Bohemian Rhapsody” is in a class all by itself. Comprised of many more sections than most other songs, and even including a mock operatic middle section, what other song is like it? There are reasons the song works so well, but those reasons are often the ones we see in larger classical forms.

When I was in high school, a novelty song called “Convoy” (Bill Fries, Chip Davis) hit number one on many charts, and even sits at the 98th position on Rolling Stones greatest country songs list. I don’t know of any other song that sounds like it.

One of my favourite songs from the early 80s is Journey’s “Don’t Stop Believin’“, but even it has something odd about it: It’s over 4 minutes in length, but the chorus doesn’t finally arrive until almost the 3-and-a-half-minute mark. That flies in the face of what every good songwriter knows: get to the chorus before 1 minute.

For every song that exhibits these kinds of strange characteristics, you can be sure there was a producer in the background wringing their hands with worry. Songs that stray from songwriting norms have a way of scaring audiences away.
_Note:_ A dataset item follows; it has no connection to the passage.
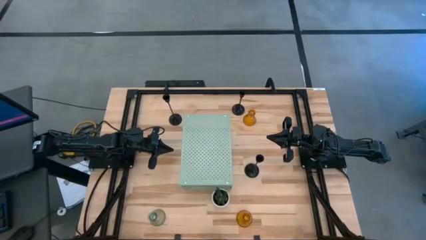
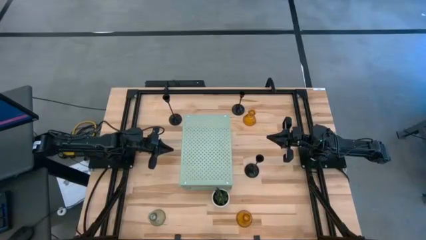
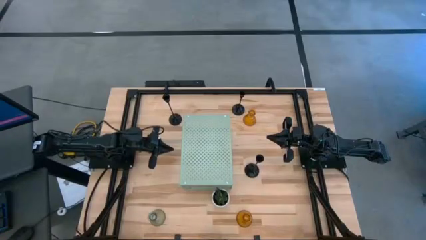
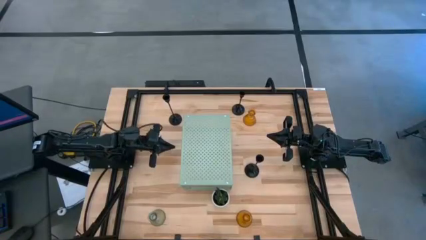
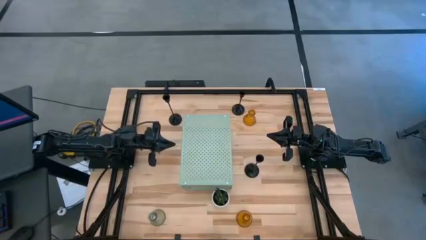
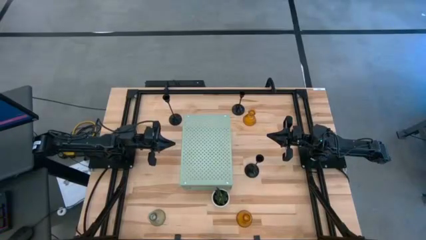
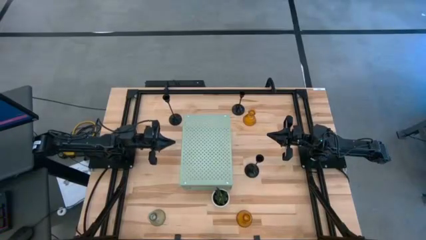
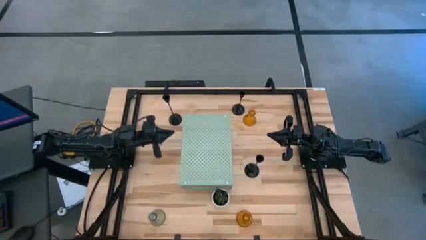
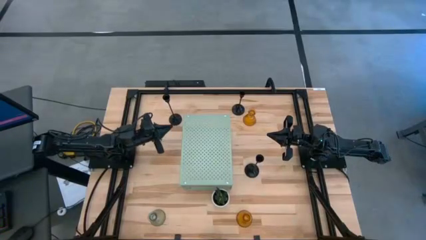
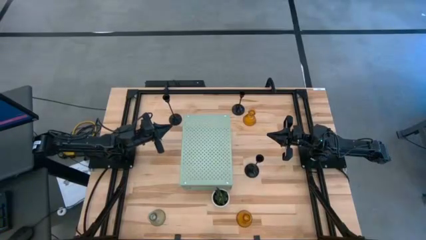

I love when a musician is willing to go out on a limb and try something that bucks the trend and shows a bit of musical bravery. It takes a great deal of conviction and confidence to know that what you’re writing is going to work, especially when it strays from what everyone else in that genre is doing.

Strangeness is not always something that works, however, but the best songwriters know how to get the balance right. Odd music for its own sake rarely works.

If you’ve written something that you love, but others find strange, that’s when you need to find the musical courage to hold that song up and declare your support for it. Without oddness, we’d never have had some of the best songs Lennon & McCartney wrote!